Question

The product of three terms of a gp is 512. If 8 is added to the first term and 6 to the second term, find the new terms forms of an ap

Answer 1

Answer:

(x + 8) + (x + 6) + x = 512

3x + 14 - 14 =512 - 14

3x = 498

x = 498/3 = 166

Therefor (166 + 8) + (166 + 6) + 166 = 512

174 + 172 + 166 = 512

Step-by-step explanation:

Answer 2

Let the 3 number in the geometric sequence be a/r, a and ar.

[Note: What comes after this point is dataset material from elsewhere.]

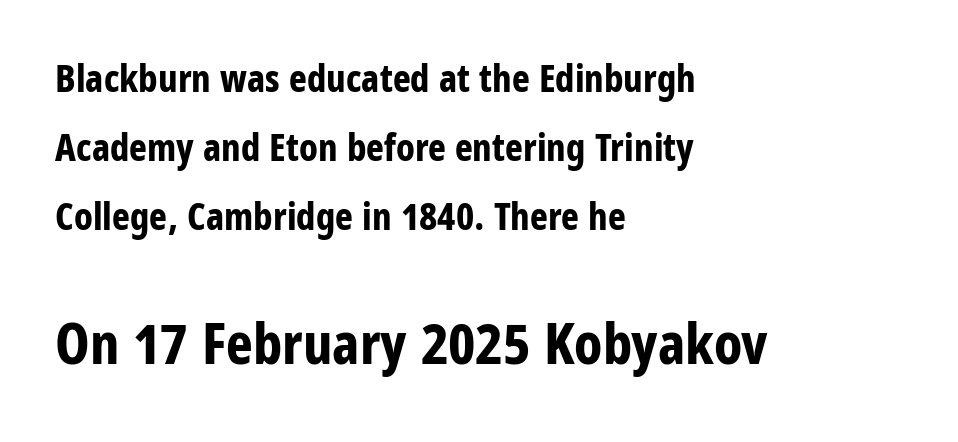
The image shows 57 px bold, condensed sans-serif type, upright; set left-aligned, line spacing 1.82x, normal letter spacing, not underlined; the second (bottom) block is 1.5x larger; low stroke contrast and a large x-height.

The product of the three numbers is a^3 = 512, So a = 8.

Now (a/r) +8, a+6, ar form an AP.

So we have: ar - (a+6) = a+6 - (a/r)-8, or

ar^2-ar-6r = ar+6r-a-8r, or

8r^2–8r-6r = 8r+6r-8–8r, or

8r^2–14r-6r +8 = 0

8r^2–20r+8 = 0, or

2r^2–5r +2= 0, or

(2r-1)(r-2) = 0

Hence r =2 or 1/2.

So the three terms of the GP are 4, 8 and 16 or 16, 8 and 4.

Check: 4+8, 8+6, 16 = 12, 14 16, all in AP.